§ **INPUT FOR THIS TASK**
>>
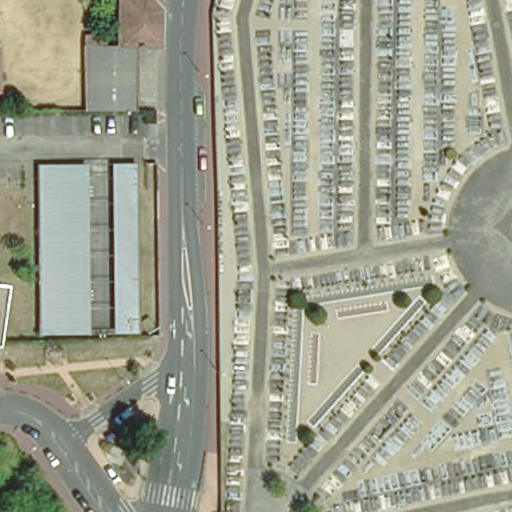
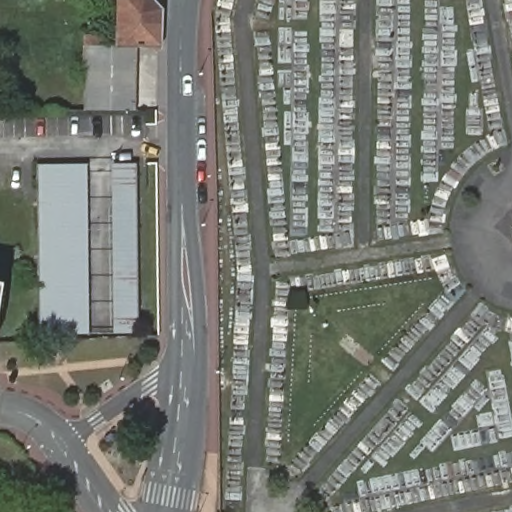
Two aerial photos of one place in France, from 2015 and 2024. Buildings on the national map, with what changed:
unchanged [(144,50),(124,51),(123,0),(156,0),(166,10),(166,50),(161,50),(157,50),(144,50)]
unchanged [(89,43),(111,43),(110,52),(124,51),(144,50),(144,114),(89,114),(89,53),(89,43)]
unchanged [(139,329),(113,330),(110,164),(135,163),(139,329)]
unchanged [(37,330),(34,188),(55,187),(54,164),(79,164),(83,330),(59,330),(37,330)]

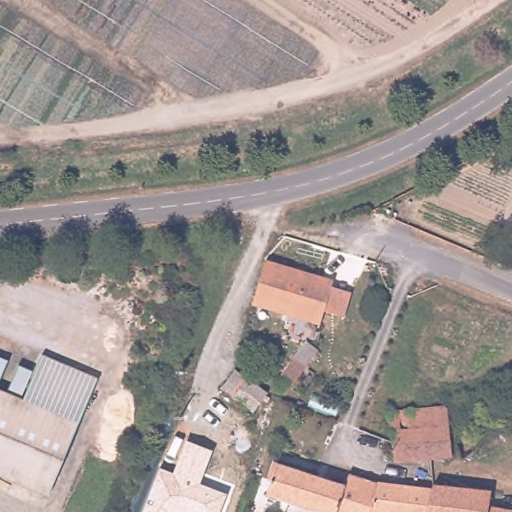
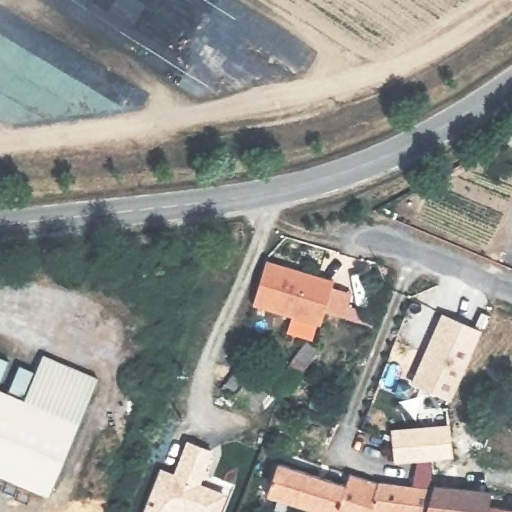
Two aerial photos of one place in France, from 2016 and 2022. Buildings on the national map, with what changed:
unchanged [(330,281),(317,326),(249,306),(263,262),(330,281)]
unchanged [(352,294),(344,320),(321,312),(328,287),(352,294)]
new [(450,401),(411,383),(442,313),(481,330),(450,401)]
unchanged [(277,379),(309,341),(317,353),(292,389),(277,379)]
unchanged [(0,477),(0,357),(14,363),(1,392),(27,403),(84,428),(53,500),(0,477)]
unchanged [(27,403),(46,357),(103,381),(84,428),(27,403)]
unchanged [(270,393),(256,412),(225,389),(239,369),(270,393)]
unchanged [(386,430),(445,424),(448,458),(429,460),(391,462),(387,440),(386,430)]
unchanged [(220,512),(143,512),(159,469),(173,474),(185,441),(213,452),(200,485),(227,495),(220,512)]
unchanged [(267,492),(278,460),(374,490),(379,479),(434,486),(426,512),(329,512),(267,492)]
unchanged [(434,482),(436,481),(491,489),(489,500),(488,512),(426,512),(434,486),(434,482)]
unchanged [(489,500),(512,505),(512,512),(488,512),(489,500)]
<<
§ **DESCRIPTION OF THE TASK**
Starting with the first entry and ending with the last, reproduce the listing exactly, without its pictures.

§ **TASK SOLUTION**
Two aerial photos of one place in France, from 2015 and 2024. Buildings on the national map, with what changed:
unchanged [(144,50),(124,51),(123,0),(156,0),(166,10),(166,50),(161,50),(157,50),(144,50)]
unchanged [(89,43),(111,43),(110,52),(124,51),(144,50),(144,114),(89,114),(89,53),(89,43)]
unchanged [(139,329),(113,330),(110,164),(135,163),(139,329)]
unchanged [(37,330),(34,188),(55,187),(54,164),(79,164),(83,330),(59,330),(37,330)]

Two aerial photos of one place in France, from 2016 and 2022. Buildings on the national map, with what changed:
unchanged [(330,281),(317,326),(249,306),(263,262),(330,281)]
unchanged [(352,294),(344,320),(321,312),(328,287),(352,294)]
new [(450,401),(411,383),(442,313),(481,330),(450,401)]
unchanged [(277,379),(309,341),(317,353),(292,389),(277,379)]
unchanged [(0,477),(0,357),(14,363),(1,392),(27,403),(84,428),(53,500),(0,477)]
unchanged [(27,403),(46,357),(103,381),(84,428),(27,403)]
unchanged [(270,393),(256,412),(225,389),(239,369),(270,393)]
unchanged [(386,430),(445,424),(448,458),(429,460),(391,462),(387,440),(386,430)]
unchanged [(220,512),(143,512),(159,469),(173,474),(185,441),(213,452),(200,485),(227,495),(220,512)]
unchanged [(267,492),(278,460),(374,490),(379,479),(434,486),(426,512),(329,512),(267,492)]
unchanged [(434,482),(436,481),(491,489),(489,500),(488,512),(426,512),(434,486),(434,482)]
unchanged [(489,500),(512,505),(512,512),(488,512),(489,500)]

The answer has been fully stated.